::: DATASET RECORDS :::
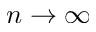
n \rightarrow \infty
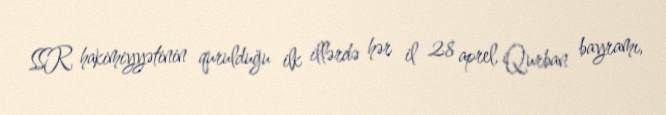
SSR hakimiyyətinin qurulduğu ilk illərdə hər il 28 aprel, Qurban bayramı,
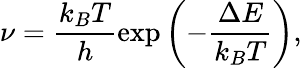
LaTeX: \nu=\frac{k_{B}T}{h}\exp\left(-\frac{\Delta E}{k_{B}T}\right),
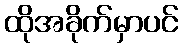
ထိုအခိုက်မှာပင်
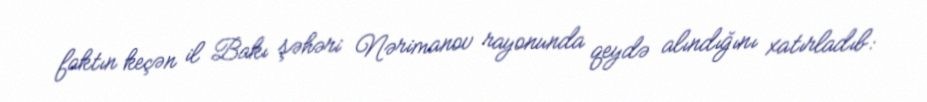
faktın keçən il Bakı şəhəri Nərimanov rayonunda qeydə alındığını xatırladıb:
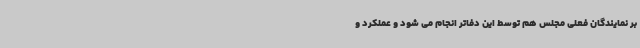
بر نمایندگان فعلی مجلس هم توسط این دفاتر انجام می شود و عملکرد و
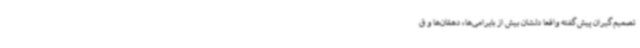
تصمیم‌گیران پیش‌گفته واقعاً دلشان بیش از بایرامی‌ها، دهقان‌ها و ق
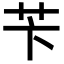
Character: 苄
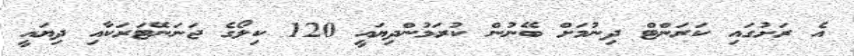
އެ ރަށުގައި ކަރަންޓް ދިނުމަށް ބޭނުން ކުރަމުންދިޔައީ 120 ކިލޯގެ ޖަނަނޭޓަރަކާއި ދިޔައީ
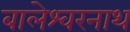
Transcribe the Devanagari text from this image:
बालेश्वरनाथ
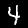
Digit: 4
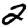
Digit: 2
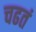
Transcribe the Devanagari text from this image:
चढतं
:::
The answer must be an exact copy of the lines from the one that holds "Character: 苄" through the end of the data, both included, with no pictures.

Character: 苄
އެ ރަށުގައި ކަރަންޓް ދިނުމަށް ބޭނުން ކުރަމުންދިޔައީ 120 ކިލޯގެ ޖަނަނޭޓަރަކާއި ދިޔައީ
Transcribe the Devanagari text from this image:
बालेश्वरनाथ
Digit: 4
Digit: 2
Transcribe the Devanagari text from this image:
चढतं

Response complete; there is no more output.